As I understand it, dissociation is anything but apathetic. We don't think 'I can't be bothered facing my life, so I'm gonna switch off.' Rather, it's a defense against overwhelming fear that seems necessary at the time. We dissociate because healthier ways of regulating our fear fail, usually because we have underdeveloped capacities to deal with emotions. Unconsciously, we think 'there's no way I'm gonna get through this, so I have to cut off from it.'

The end result may be a kind of apathy. 'I should feel bad about this break-up [or whatever], but I just feel numb.' But the mechanism itself is triggered by overwhelming fear.


----------



## philandrjack (Feb 20, 2013)

Fearless is right.

DP comes when, because of your DA you are unable to express your emotion, be the person that you want to be, do the things that you want and take risks,

SO maybe you see a beautiful girl and you want to go flirt with her, but you feel strong emotions that you do not know how to control beacause of your DA so you repress your desire of going to talk to the girl and you dissociate from yourself.

And this is what I do until now. Even the researching your past has become an excuse not to take action. It's true. DP is rooted in the past. But now I know enough to take action. But I still don't want to. I still look in the past to find some magic memory that will "cure my DP" because I don't really want to start doing the things that scare me but that would make me soo happy...

I'm out

Good night


----------



## seafoamwaves (Sep 20, 2013)

I think DP caused more problems for me lol.


----------



## philandrjack (Feb 20, 2013)

Fearless said:


> Phil, you need to understand that even if you feel like you are TOTALLY HONEST with yourself about your feelings, you can still fool THE SHIT OUT OFyourself. I believe that you are honestly trying to face your feelings, but please keep working hard, because dissociation is a very stubborn mechanism. Keep kicking that wall. You are battling against decades of denial. Admit that you are in pain. Admit it. If it's not effective, try again. It's hard, and it's supposed to be hard. If it's hard and you find overwhelming obstacles, you are on the right way. It IS fucking hard.


thanks


----------



## philandrjack (Feb 20, 2013)

Fearless said:


> The bolded sentence is a LIE. A L-I-E. Self-deception, self-fooling. It means you DON'T face them. You still dissociate. That is the wall you need to climb through, only to find out that all of the fears are really phantom fears, *except one, the root one.*


I know that all my fears are phantom fears, because at the end of the day I am a capable person, even though I feel that I will never make it. So which one is the root one fearless? Are you saying that the root one is Fear in itself because I don't know how to handle it?

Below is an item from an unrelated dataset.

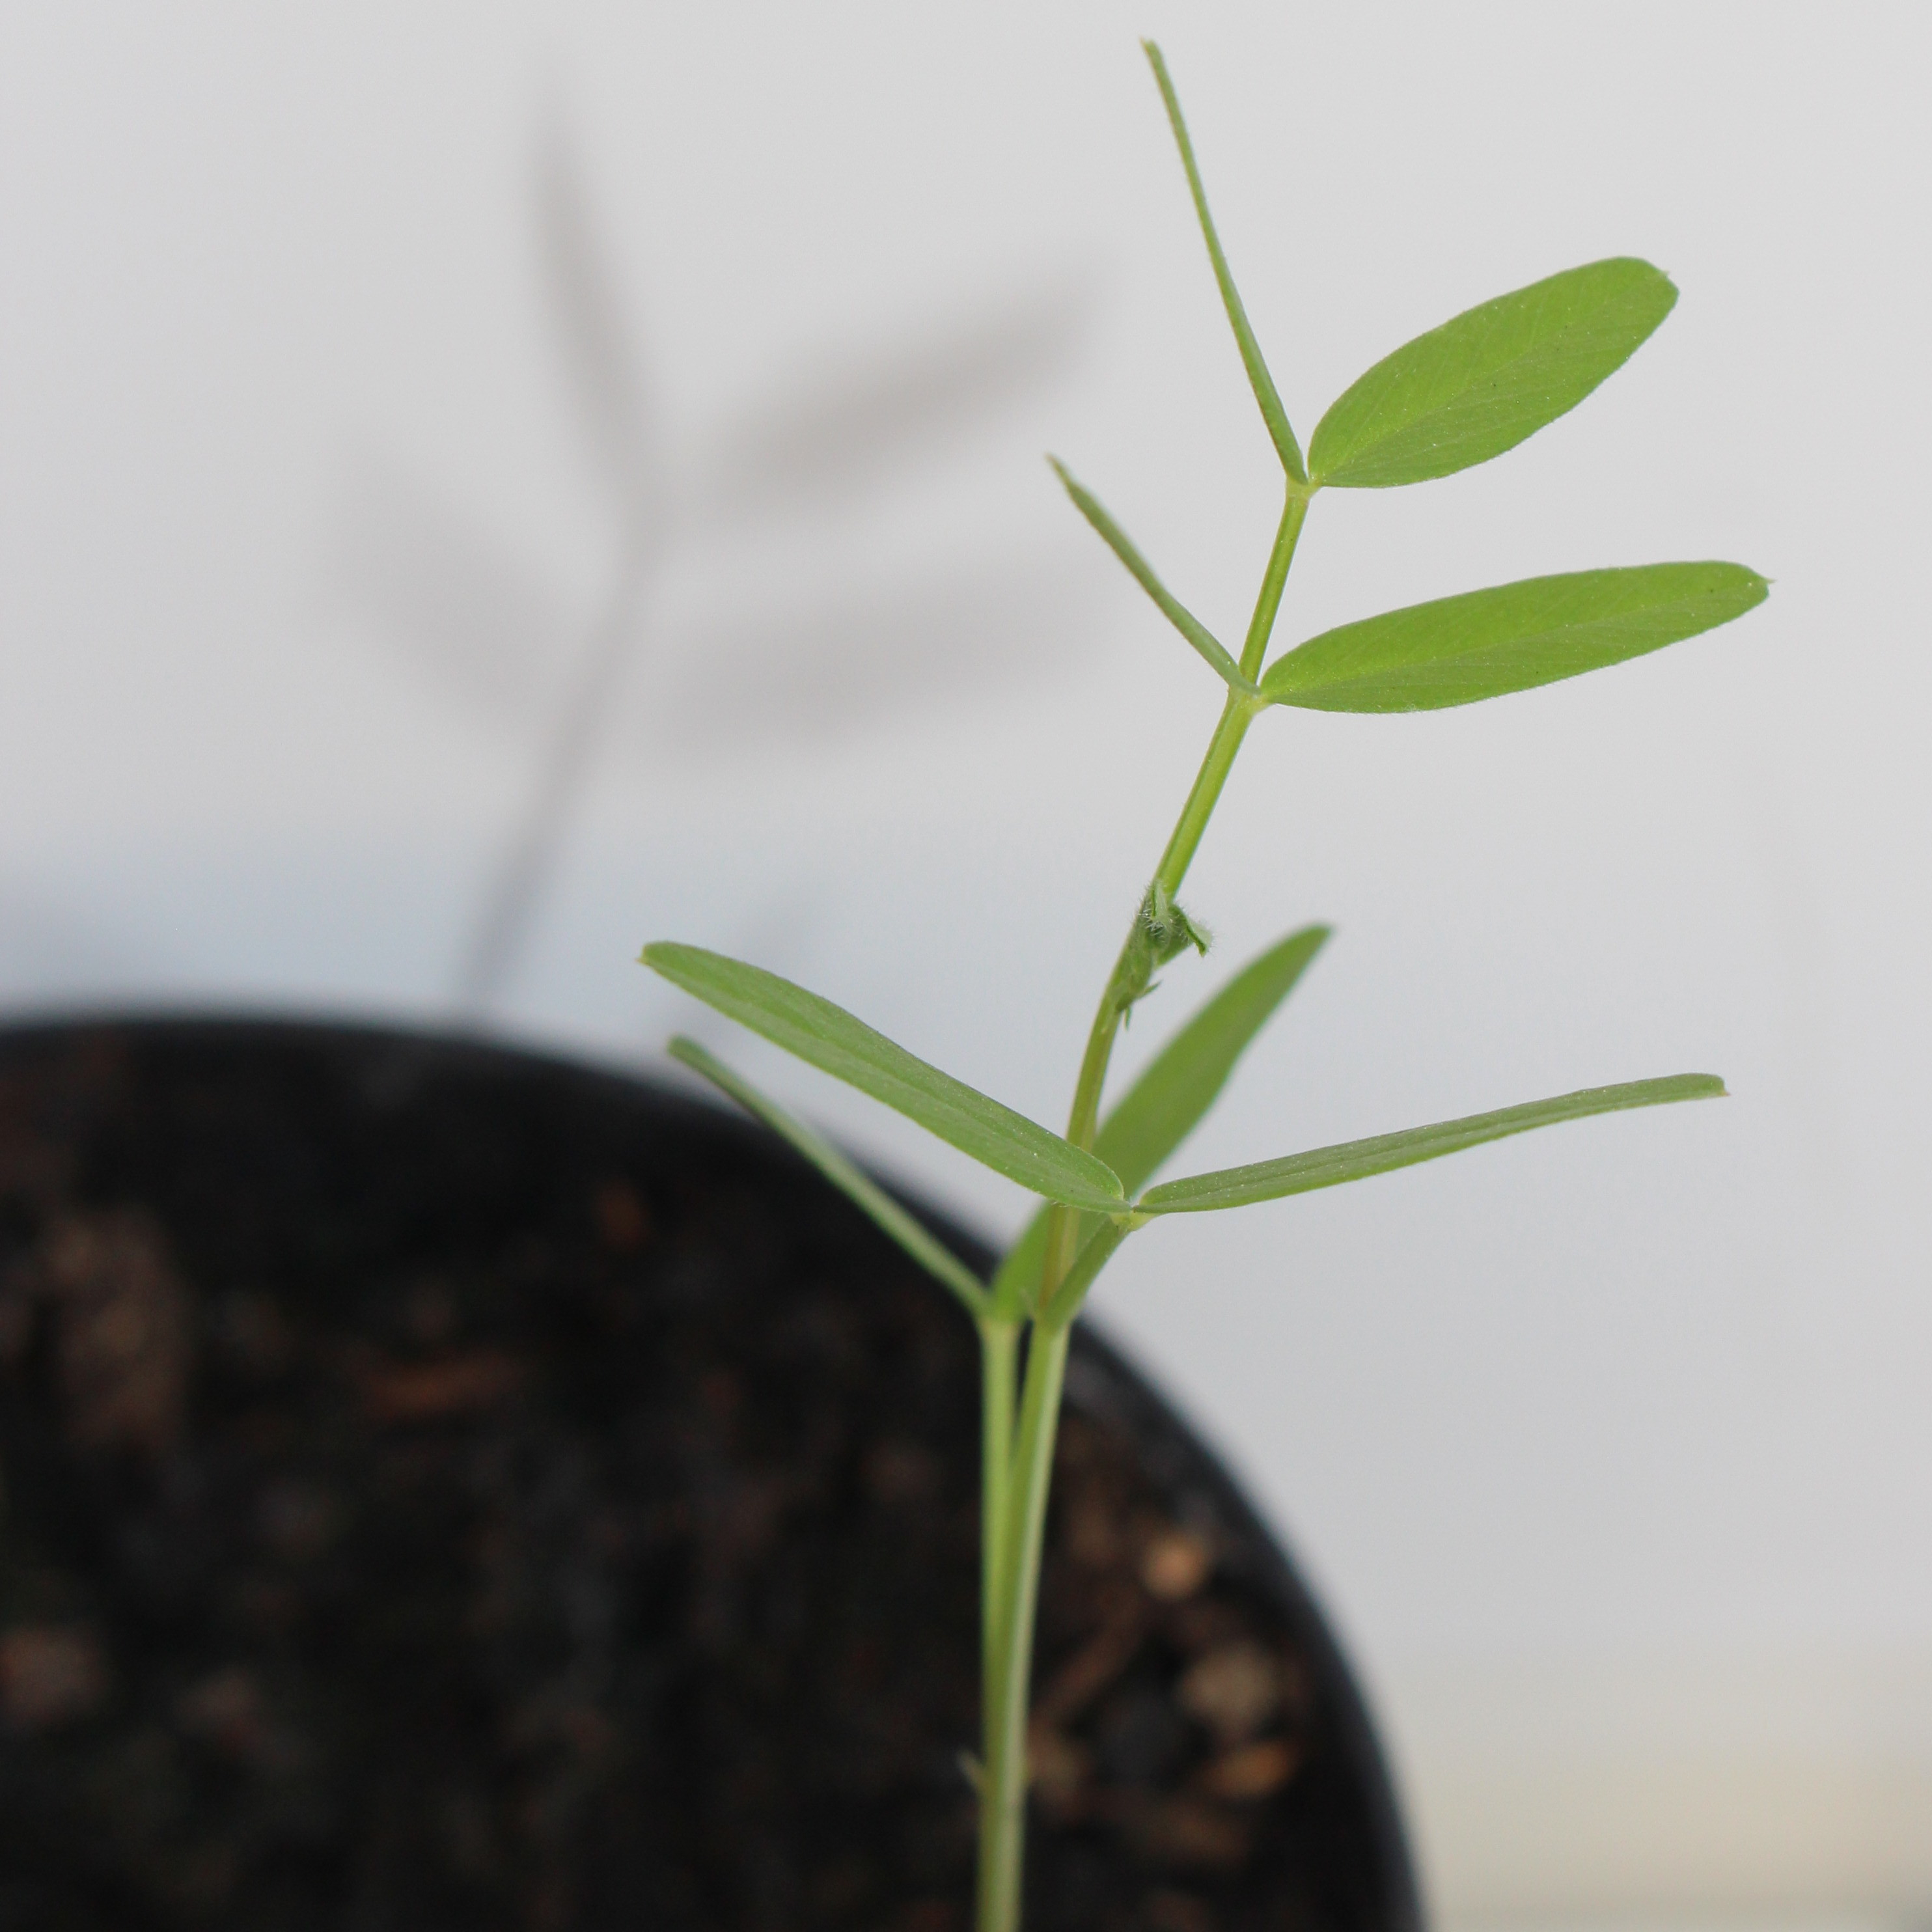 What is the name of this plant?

PLease explain I feel like there is a lot of truth in your sentence.


----------



## philandrjack (Feb 20, 2013)

Susto said:


> Phil, this quote might give you some ideas..
> 
> "Go into yourself. Find out the reason that commands you to write; see whether it has spread its roots into the very depths of your heart; confess to yourself whether you would have to die if you were forbidden to write.
> 
> ...


Thanks to you to Susto


----------



## philandrjack (Feb 20, 2013)

Could the core issue be: " I hate myself and I don't deserve anything?" And so then I dissociate from this feeling but it leaves me with constant anger, tension hurt and fear?

I also self sabotage a lot


----------



## philandrjack (Feb 20, 2013)

Fearless said:


> I have built a perfectionist self-worth on top it, and when I realized that the perfectionist goals can not be achieved, the perfectionist identity collapsed, I was faced with that terrible feeling of worthlessness, and I dissociated.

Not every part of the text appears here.